2023 journal article

Software Fault Tolerance in Real-Time Systems: Identifying the Future Research Questions

ACM Computing Surveys.

TL;DR: A joint scheduling-failure analysis model is proposed that highlights the formal interactions among software fault tolerance mechanisms and timing properties and allows for many open research questions to be presented and discussed with the final aim to spur future research activities. (via Semantic Scholar)
Source: Crossref
Added: June 26, 2023

Tolerating hardware faults in modern architectures is becoming a prominent problem due to the miniaturization of the hardware components, their increasing complexity, and the necessity to reduce costs.
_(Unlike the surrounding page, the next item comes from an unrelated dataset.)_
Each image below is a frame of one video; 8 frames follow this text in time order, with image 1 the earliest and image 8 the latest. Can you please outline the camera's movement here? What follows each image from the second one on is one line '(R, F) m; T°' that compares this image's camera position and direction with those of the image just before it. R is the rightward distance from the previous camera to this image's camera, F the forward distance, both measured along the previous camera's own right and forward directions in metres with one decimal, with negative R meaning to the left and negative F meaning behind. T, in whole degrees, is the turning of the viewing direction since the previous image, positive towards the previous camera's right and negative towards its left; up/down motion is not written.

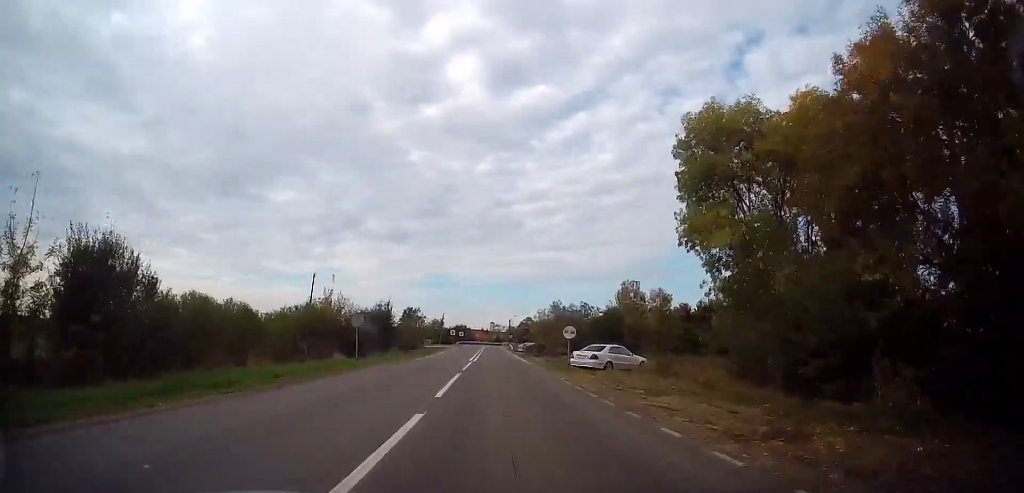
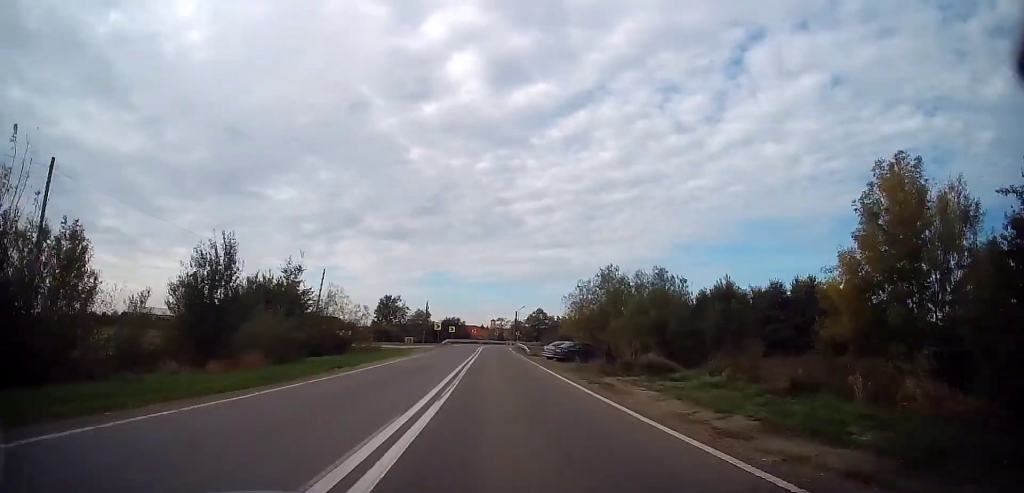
(+0.2, +31.8) m; +1°
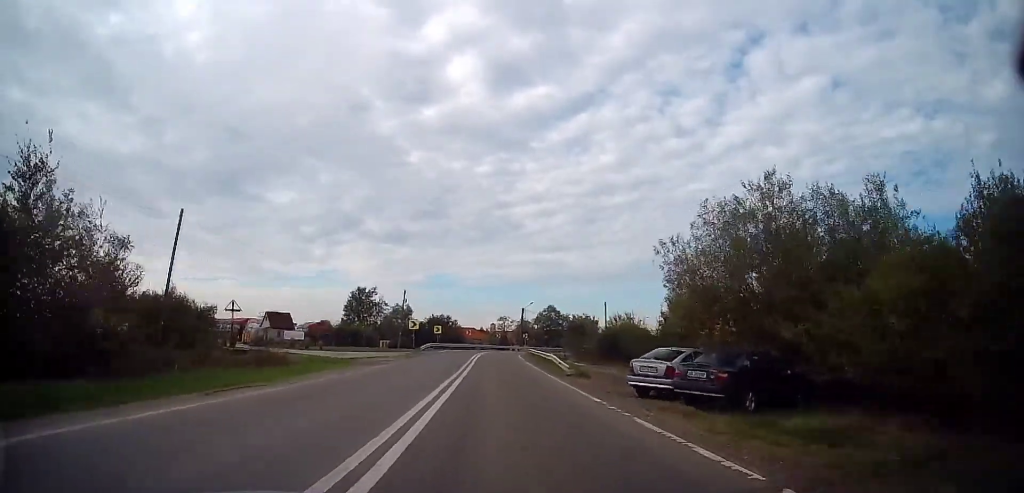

Software-Implemented Hardware Fault Tolerance approaches have been developed to improve system dependability regarding hardware faults without resorting to custom hardware solutions. However, these come at the expense of making the satisfaction of the timing constraints of the applications/activities harder from a scheduling standpoint. This article surveys the current state-of-the-art of fault tolerance approaches when used in the context of real-time systems, identifying the main challenges and the cross-links between these two topics. We propose a joint scheduling-failure analysis model that highlights the formal interactions among software fault tolerance mechanisms and timing properties. This model allows us to present and discuss many open research questions with the final aim to spur future research activities.